TASK INSTRUCTIONS
Wherever a line in the data holds the word "ornamental", pull that line out.

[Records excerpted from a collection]
· · · · · · ·

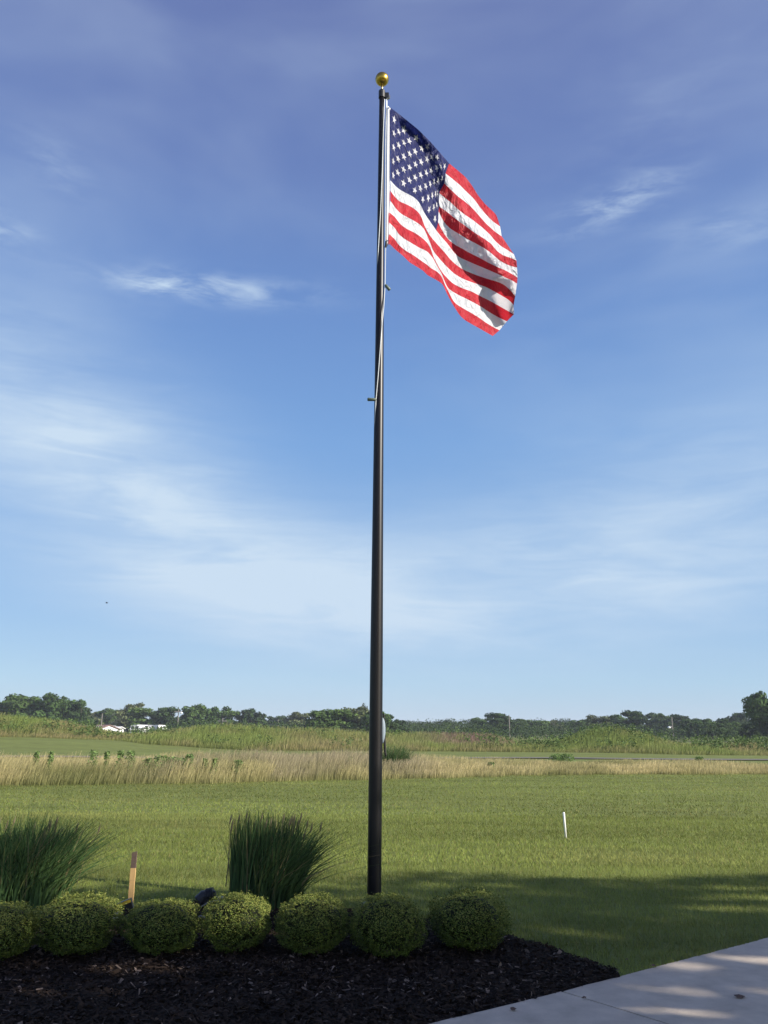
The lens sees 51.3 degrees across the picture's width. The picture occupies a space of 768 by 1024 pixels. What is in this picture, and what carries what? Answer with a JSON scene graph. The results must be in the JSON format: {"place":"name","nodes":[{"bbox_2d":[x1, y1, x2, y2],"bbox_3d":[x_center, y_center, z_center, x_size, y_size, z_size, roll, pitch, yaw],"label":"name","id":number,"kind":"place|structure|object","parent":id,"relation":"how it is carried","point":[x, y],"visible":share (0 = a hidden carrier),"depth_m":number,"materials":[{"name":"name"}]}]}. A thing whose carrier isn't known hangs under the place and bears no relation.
{"place":"outdoors","nodes":[
{"label":"outdoors","id":0,"kind":"place"},
{"bbox_2d":[0,722,767,975],"bbox_3d":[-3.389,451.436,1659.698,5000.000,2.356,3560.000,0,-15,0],"label":"ground","id":1,"kind":"structure","parent":0,"point":[15,746],"depth_m":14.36,"materials":[{"name":"green plant"}]},
{"bbox_2d":[0,693,42,720],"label":"tree","id":2,"kind":"object","parent":1,"relation":"on","point":[21,704],"visible":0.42,"depth_m":181.94,"materials":[{"name":"green plant"}]},
{"bbox_2d":[31,751,39,772],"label":"leafy plant","id":3,"kind":"object","parent":1,"relation":"on","point":[36,754],"visible":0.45,"depth_m":24.70,"materials":[{"name":"green plant"}]},
{"bbox_2d":[44,751,54,776],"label":"leafy plant","id":4,"kind":"object","parent":1,"relation":"on","point":[50,760],"visible":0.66,"depth_m":24.73,"materials":[{"name":"green plant"}]},
{"bbox_2d":[30,692,77,722],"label":"tree","id":5,"kind":"object","parent":1,"relation":"on","point":[52,705],"visible":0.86,"depth_m":182.85,"materials":[{"name":"green plant"}]},
{"bbox_2d":[66,699,93,724],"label":"tree","id":6,"kind":"object","parent":1,"relation":"on","point":[81,711],"visible":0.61,"depth_m":183.55,"materials":[{"name":"green plant"}]},
{"bbox_2d":[86,749,99,768],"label":"leafy plant","id":7,"kind":"object","parent":1,"relation":"on","point":[92,755],"visible":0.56,"depth_m":24.88,"materials":[{"name":"green plant"}]},
{"bbox_2d":[86,711,105,724],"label":"tree","id":8,"kind":"object","parent":1,"relation":"on","point":[94,715],"visible":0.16,"depth_m":230.61,"materials":[{"name":"green plant"}]},
{"bbox_2d":[86,725,119,730],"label":"house","id":9,"kind":"structure","parent":1,"relation":"on","point":[111,727],"depth_m":182.38,"materials":[{"name":"white"}]},
{"bbox_2d":[101,751,109,772],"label":"leafy plant","id":10,"kind":"object","parent":1,"relation":"on","point":[106,753],"visible":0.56,"depth_m":24.92,"materials":[{"name":"green plant"}]},
{"bbox_2d":[96,708,117,725],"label":"tree","id":11,"kind":"object","parent":1,"relation":"on","point":[107,713],"visible":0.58,"depth_m":230.86,"materials":[{"name":"green plant"}]},
{"bbox_2d":[108,710,120,725],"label":"tree","id":12,"kind":"object","parent":1,"relation":"on","point":[112,723],"visible":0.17,"depth_m":226.96,"materials":[{"name":"green plant"}]},
{"bbox_2d":[114,750,123,770],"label":"leafy plant","id":13,"kind":"object","parent":1,"relation":"on","point":[119,754],"visible":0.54,"depth_m":24.97,"materials":[{"name":"green plant"}]},
{"bbox_2d":[123,751,135,775],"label":"leafy plant","id":14,"kind":"object","parent":1,"relation":"on","point":[130,753],"visible":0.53,"depth_m":25.00,"materials":[{"name":"green plant"}]},
{"bbox_2d":[114,702,144,731],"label":"tree","id":15,"kind":"object","parent":1,"relation":"on","point":[122,720],"visible":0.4,"depth_m":215.68,"materials":[{"name":"green plant"}]},
{"bbox_2d":[128,851,136,899],"bbox_3d":[-2.305,3.398,7.322,0.048,0.547,0.020,0,-15,0],"label":"wooden stake","id":16,"kind":"object","parent":1,"relation":"on","point":[132,877],"visible":0.83,"depth_m":7.33,"materials":[{"name":"brown wood"}]},
{"bbox_2d":[130,726,145,732],"bbox_3d":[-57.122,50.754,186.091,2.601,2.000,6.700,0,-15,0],"label":"house","id":17,"kind":"structure","parent":1,"relation":"on","point":[137,727],"depth_m":183.34,"materials":[{"name":"white"}]},
{"bbox_2d":[126,707,161,728],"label":"tree","id":18,"kind":"object","parent":1,"relation":"on","point":[139,716],"visible":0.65,"depth_m":206.04,"materials":[{"name":"green plant"}]},
{"bbox_2d":[141,757,152,774],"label":"leafy plant","id":19,"kind":"object","parent":1,"relation":"on","point":[147,760],"visible":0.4,"depth_m":24.98,"materials":[{"name":"green plant"}]},
{"bbox_2d":[151,755,166,777],"bbox_3d":[-7.081,7.999,25.082,0.682,0.786,0.640,0,-15,0],"label":"leafy plant","id":20,"kind":"object","parent":1,"relation":"on","point":[157,758],"visible":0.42,"depth_m":25.04,"materials":[{"name":"green plant"}]},
{"bbox_2d":[153,706,185,727],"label":"tree","id":21,"kind":"object","parent":1,"relation":"on","point":[164,717],"visible":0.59,"depth_m":205.72,"materials":[{"name":"green plant"}]},
{"bbox_2d":[164,756,177,778],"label":"leafy plant","id":22,"kind":"object","parent":1,"relation":"on","point":[167,758],"visible":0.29,"depth_m":25.09,"materials":[{"name":"green plant"}]},
{"bbox_2d":[173,758,185,771],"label":"leafy plant","id":23,"kind":"object","parent":1,"relation":"on","point":[178,759],"visible":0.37,"depth_m":25.11,"materials":[{"name":"green plant"}]},
{"bbox_2d":[184,753,193,767],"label":"leafy plant","id":24,"kind":"object","parent":1,"relation":"on","point":[190,756],"visible":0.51,"depth_m":25.20,"materials":[{"name":"green plant"}]},
{"bbox_2d":[179,703,208,728],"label":"tree","id":25,"kind":"object","parent":1,"relation":"on","point":[198,711],"visible":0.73,"depth_m":207.32,"materials":[{"name":"green plant"}]},
{"bbox_2d":[200,758,208,777],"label":"leafy plant","id":26,"kind":"object","parent":1,"relation":"on","point":[204,760],"visible":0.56,"depth_m":25.23,"materials":[{"name":"green plant"}]},
{"bbox_2d":[209,758,217,774],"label":"leafy plant","id":27,"kind":"object","parent":1,"relation":"on","point":[215,760],"visible":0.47,"depth_m":25.25,"materials":[{"name":"green plant"}]},
{"bbox_2d":[203,706,231,726],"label":"tree","id":28,"kind":"object","parent":1,"relation":"on","point":[214,715],"visible":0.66,"depth_m":215.46,"materials":[{"name":"green plant"}]},
{"bbox_2d":[218,710,243,726],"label":"tree","id":29,"kind":"object","parent":1,"relation":"on","point":[230,714],"visible":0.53,"depth_m":216.36,"materials":[{"name":"green plant"}]},
{"bbox_2d":[231,760,243,777],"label":"leafy plant","id":30,"kind":"object","parent":1,"relation":"on","point":[236,762],"visible":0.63,"depth_m":25.33,"materials":[{"name":"green plant"}]},
{"bbox_2d":[237,708,269,728],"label":"tree","id":31,"kind":"object","parent":1,"relation":"on","point":[249,715],"visible":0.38,"depth_m":216.78,"materials":[{"name":"green plant"}]},
{"bbox_2d":[265,716,275,727],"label":"tree","id":32,"kind":"object","parent":1,"relation":"on","point":[270,718],"visible":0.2,"depth_m":289.80,"materials":[{"name":"green plant"}]},
{"bbox_2d":[272,715,286,728],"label":"tree","id":33,"kind":"object","parent":1,"relation":"on","point":[280,718],"visible":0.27,"depth_m":278.94,"materials":[{"name":"green plant"}]},
{"bbox_2d":[281,712,308,728],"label":"tree","id":34,"kind":"object","parent":1,"relation":"on","point":[297,716],"visible":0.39,"depth_m":230.44,"materials":[{"name":"green plant"}]},
{"bbox_2d":[0,895,619,1023],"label":"mulch bed","id":35,"kind":"object","parent":1,"relation":"on","point":[490,1000],"visible":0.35,"depth_m":5.09,"materials":[{"name":"brown wood"}]},
{"bbox_2d":[0,899,40,959],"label":"round bush","id":36,"kind":"object","parent":35,"relation":"on","point":[16,922],"visible":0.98,"depth_m":5.55,"materials":[{"name":"green plant"}]},
{"bbox_2d":[28,887,126,955],"bbox_3d":[-2.227,2.990,5.816,0.702,0.457,0.653,-7,-17,26],"label":"round bush","id":37,"kind":"object","parent":35,"relation":"on","point":[77,926],"visible":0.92,"depth_m":5.65,"materials":[{"name":"green plant"}]},
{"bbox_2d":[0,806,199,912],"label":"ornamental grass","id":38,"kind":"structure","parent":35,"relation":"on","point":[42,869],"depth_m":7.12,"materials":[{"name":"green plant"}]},
{"bbox_2d":[115,897,133,911],"bbox_3d":[-2.291,3.480,7.063,0.161,0.128,0.066,3,-15,-8],"label":"spotlight","id":39,"kind":"object","parent":35,"relation":"on","point":[129,905],"visible":0.57,"depth_m":7.04,"materials":[{"name":"black metal"}]},
{"bbox_2d":[116,897,201,955],"bbox_3d":[-1.612,3.024,5.820,0.609,0.402,0.661,11,-19,-35],"label":"round bush","id":40,"kind":"object","parent":35,"relation":"on","point":[159,926],"visible":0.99,"depth_m":5.68,"materials":[{"name":"green plant"}]},
{"bbox_2d":[195,887,223,907],"bbox_3d":[-1.561,3.512,7.248,0.316,0.205,0.155,0,-15,0],"label":"garden spotlight","id":41,"kind":"object","parent":35,"relation":"on","point":[202,898],"visible":0.66,"depth_m":7.22,"materials":[{"name":"black metal"}]},
{"bbox_2d":[198,889,272,953],"bbox_3d":[-1.092,3.023,5.876,0.566,0.442,0.574,3,-15,-9],"label":"round bush","id":42,"kind":"object","parent":35,"relation":"on","point":[241,922],"visible":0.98,"depth_m":5.76,"materials":[{"name":"green plant"}]},
{"bbox_2d":[272,891,351,955],"bbox_3d":[-0.524,3.012,5.827,0.615,0.445,0.546,-4,-16,17],"label":"round bush","id":43,"kind":"object","parent":35,"relation":"on","point":[317,925],"visible":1,"depth_m":5.70,"materials":[{"name":"green plant"}]},
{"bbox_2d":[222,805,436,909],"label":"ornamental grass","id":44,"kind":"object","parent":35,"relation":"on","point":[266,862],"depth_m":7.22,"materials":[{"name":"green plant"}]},
{"bbox_2d":[346,892,428,958],"bbox_3d":[0.013,3.003,5.796,0.610,0.453,0.598,-14,-21,43],"label":"round bush","id":45,"kind":"object","parent":35,"relation":"on","point":[384,925],"visible":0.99,"depth_m":5.66,"materials":[{"name":"green plant"}]},
{"bbox_2d":[423,883,515,951],"bbox_3d":[0.646,3.059,6.022,0.646,0.474,0.687,5,-16,-18],"label":"round bush","id":46,"kind":"object","parent":35,"relation":"on","point":[472,921],"visible":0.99,"depth_m":5.86,"materials":[{"name":"green plant"}]},
{"bbox_2d":[304,709,335,729],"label":"tree","id":47,"kind":"object","parent":1,"relation":"on","point":[320,718],"visible":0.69,"depth_m":152.97,"materials":[{"name":"green plant"}]},
{"bbox_2d":[327,709,358,732],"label":"tree","id":48,"kind":"object","parent":1,"relation":"on","point":[337,722],"visible":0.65,"depth_m":153.45,"materials":[{"name":"green plant"}]},
{"bbox_2d":[341,706,368,733],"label":"tree","id":49,"kind":"object","parent":1,"relation":"on","point":[361,711],"visible":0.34,"depth_m":156.04,"materials":[{"name":"green plant"}]},
{"bbox_2d":[361,72,390,906],"bbox_3d":[-0.058,-0.817,8.607,0.260,9.489,0.260,0,-15,0],"label":"flagpole","id":50,"kind":"object","parent":1,"relation":"on","point":[377,735],"visible":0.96,"depth_m":8.18,"materials":[{"name":"brown metal"}]},
{"bbox_2d":[387,106,516,335],"bbox_3d":[0.942,-3.626,10.148,0.456,2.319,2.379,-14,-21,43],"label":"flag","id":51,"kind":"object","parent":50,"relation":"attached to","point":[443,227],"visible":1,"depth_m":10.23,"materials":[{"name":"multicoloured fabric"}]},
{"bbox_2d":[360,711,391,732],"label":"tree","id":52,"kind":"object","parent":1,"relation":"on","point":[366,719],"visible":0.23,"depth_m":153.20,"materials":[{"name":"green plant"}]},
{"bbox_2d":[0,709,767,755],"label":"rough grass","id":53,"kind":"structure","parent":1,"relation":"on","point":[294,740],"depth_m":63.78,"materials":[{"name":"green plant"}]},
{"bbox_2d":[385,714,397,732],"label":"tree","id":54,"kind":"object","parent":1,"relation":"on","point":[393,725],"visible":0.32,"depth_m":158.18,"materials":[{"name":"green plant"}]},
{"bbox_2d":[30,716,767,739],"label":"undergrowth","id":55,"kind":"object","parent":1,"relation":"on","point":[549,729],"visible":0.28,"depth_m":162.12,"materials":[{"name":"green plant"}]},
{"bbox_2d":[394,719,407,731],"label":"tree","id":56,"kind":"object","parent":1,"relation":"on","point":[400,724],"visible":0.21,"depth_m":173.40,"materials":[{"name":"green plant"}]},
{"bbox_2d":[124,717,748,735],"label":"wood","id":57,"kind":"object","parent":1,"relation":"on","point":[464,723],"visible":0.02,"depth_m":291.51,"materials":[{"name":"green plant"}]},
{"bbox_2d":[467,717,486,733],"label":"tree","id":58,"kind":"object","parent":1,"relation":"on","point":[474,719],"visible":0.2,"depth_m":221.62,"materials":[{"name":"green plant"}]},
{"bbox_2d":[470,712,511,734],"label":"tree","id":59,"kind":"object","parent":1,"relation":"on","point":[500,718],"visible":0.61,"depth_m":201.77,"materials":[{"name":"green plant"}]},
{"bbox_2d":[499,716,519,735],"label":"tree","id":60,"kind":"object","parent":1,"relation":"on","point":[513,725],"visible":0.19,"depth_m":206.10,"materials":[{"name":"green plant"}]},
{"bbox_2d":[515,718,533,733],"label":"tree","id":61,"kind":"object","parent":1,"relation":"on","point":[523,721],"visible":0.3,"depth_m":230.00,"materials":[{"name":"green plant"}]},
{"bbox_2d":[525,720,549,734],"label":"tree","id":62,"kind":"object","parent":1,"relation":"on","point":[538,723],"visible":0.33,"depth_m":230.03,"materials":[{"name":"green plant"}]},
{"bbox_2d":[546,720,566,733],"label":"tree","id":63,"kind":"object","parent":1,"relation":"on","point":[554,724],"visible":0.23,"depth_m":240.10,"materials":[{"name":"green plant"}]},
{"bbox_2d":[549,753,564,762],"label":"leafy plant","id":64,"kind":"object","parent":1,"relation":"on","point":[557,757],"visible":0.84,"depth_m":36.81,"materials":[{"name":"green plant"}]},
{"bbox_2d":[557,721,571,732],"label":"tree","id":65,"kind":"object","parent":1,"relation":"on","point":[566,725],"visible":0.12,"depth_m":241.41,"materials":[{"name":"green plant"}]},
{"bbox_2d":[563,812,566,837],"bbox_3d":[2.804,4.879,12.399,0.049,0.427,0.034,0,-15,0],"label":"white stake","id":66,"kind":"object","parent":1,"relation":"on","point":[564,823],"visible":0.79,"depth_m":12.39,"materials":[{"name":"plastic"}]},
{"bbox_2d":[561,754,574,761],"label":"leafy plant","id":67,"kind":"object","parent":1,"relation":"on","point":[566,758],"visible":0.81,"depth_m":36.87,"materials":[{"name":"green plant"}]},
{"bbox_2d":[567,719,591,731],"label":"tree","id":68,"kind":"object","parent":1,"relation":"on","point":[579,722],"visible":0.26,"depth_m":221.21,"materials":[{"name":"green plant"}]},
{"bbox_2d":[584,715,612,728],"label":"tree","id":69,"kind":"object","parent":1,"relation":"on","point":[595,719],"visible":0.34,"depth_m":206.49,"materials":[{"name":"green plant"}]},
{"bbox_2d":[602,714,627,727],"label":"tree","id":70,"kind":"object","parent":1,"relation":"on","point":[614,717],"visible":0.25,"depth_m":205.93,"materials":[{"name":"green plant"}]},
{"bbox_2d":[614,710,646,731],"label":"tree","id":71,"kind":"object","parent":1,"relation":"on","point":[636,718],"visible":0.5,"depth_m":197.54,"materials":[{"name":"green plant"}]},
{"bbox_2d":[637,713,666,735],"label":"tree","id":72,"kind":"object","parent":1,"relation":"on","point":[656,721],"visible":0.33,"depth_m":219.83,"materials":[{"name":"green plant"}]},
{"bbox_2d":[645,712,672,724],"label":"tree","id":73,"kind":"object","parent":1,"relation":"on","point":[659,715],"visible":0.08,"depth_m":228.01,"materials":[{"name":"green plant"}]},
{"bbox_2d":[667,717,673,736],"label":"utility pole","id":74,"kind":"object","parent":1,"relation":"on","point":[668,727],"visible":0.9,"depth_m":159.29,"materials":[{"name":"grey wood"}]},
{"bbox_2d":[660,714,689,735],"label":"tree","id":75,"kind":"object","parent":1,"relation":"on","point":[677,718],"visible":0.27,"depth_m":217.49,"materials":[{"name":"green plant"}]},
{"bbox_2d":[675,718,703,737],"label":"tree","id":76,"kind":"object","parent":1,"relation":"on","point":[686,721],"visible":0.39,"depth_m":181.96,"materials":[{"name":"green plant"}]},
{"bbox_2d":[694,756,703,760],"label":"leafy plant","id":77,"kind":"object","parent":1,"relation":"on","point":[698,758],"visible":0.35,"depth_m":35.35,"materials":[{"name":"green plant"}]},
{"bbox_2d":[690,718,728,738],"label":"tree","id":78,"kind":"object","parent":1,"relation":"on","point":[709,721],"visible":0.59,"depth_m":177.33,"materials":[{"name":"green plant"}]},
{"bbox_2d":[713,721,742,738],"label":"tree","id":79,"kind":"object","parent":1,"relation":"on","point":[733,723],"visible":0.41,"depth_m":177.42,"materials":[{"name":"green plant"}]},
{"bbox_2d":[729,712,753,730],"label":"tree","id":80,"kind":"object","parent":1,"relation":"on","point":[737,717],"visible":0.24,"depth_m":227.30,"materials":[{"name":"green plant"}]},
{"bbox_2d":[737,722,762,740],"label":"tree","id":81,"kind":"object","parent":1,"relation":"on","point":[753,731],"visible":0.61,"depth_m":144.10,"materials":[{"name":"green plant"}]},
{"bbox_2d":[741,690,767,735],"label":"tree","id":82,"kind":"object","parent":1,"relation":"on","point":[755,707],"visible":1,"depth_m":134.96,"materials":[{"name":"green plant"}]},
{"bbox_2d":[0,747,767,785],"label":"dry grass","id":83,"kind":"structure","parent":0,"point":[267,766],"depth_m":27.43,"materials":[{"name":"beige plant"}]},
{"bbox_2d":[0,756,767,759],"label":"road","id":84,"kind":"structure","parent":0,"point":[533,757],"depth_m":45.57,"materials":[{"name":"grey asphalt"}]},
{"bbox_2d":[0,0,767,725],"label":"sky","id":85,"kind":"structure","parent":0,"point":[575,492],"materials":[{"name":"blue"}]},
{"bbox_2d":[382,742,427,767],"bbox_3d":[0.674,9.246,30.177,3.665,1.208,2.290,0,-15,0],"label":"bush","id":86,"kind":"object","parent":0,"point":[398,754],"depth_m":29.96,"materials":[{"name":"green plant"}]},
{"bbox_2d":[431,938,767,1023],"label":"pavement","id":87,"kind":"structure","parent":0,"point":[704,989],"depth_m":4.86,"materials":[{"name":"concrete"}]}
]}

· · · · · · ·

SOLUTION
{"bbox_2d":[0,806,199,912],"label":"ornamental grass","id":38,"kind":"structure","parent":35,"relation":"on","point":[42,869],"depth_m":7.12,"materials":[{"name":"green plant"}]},
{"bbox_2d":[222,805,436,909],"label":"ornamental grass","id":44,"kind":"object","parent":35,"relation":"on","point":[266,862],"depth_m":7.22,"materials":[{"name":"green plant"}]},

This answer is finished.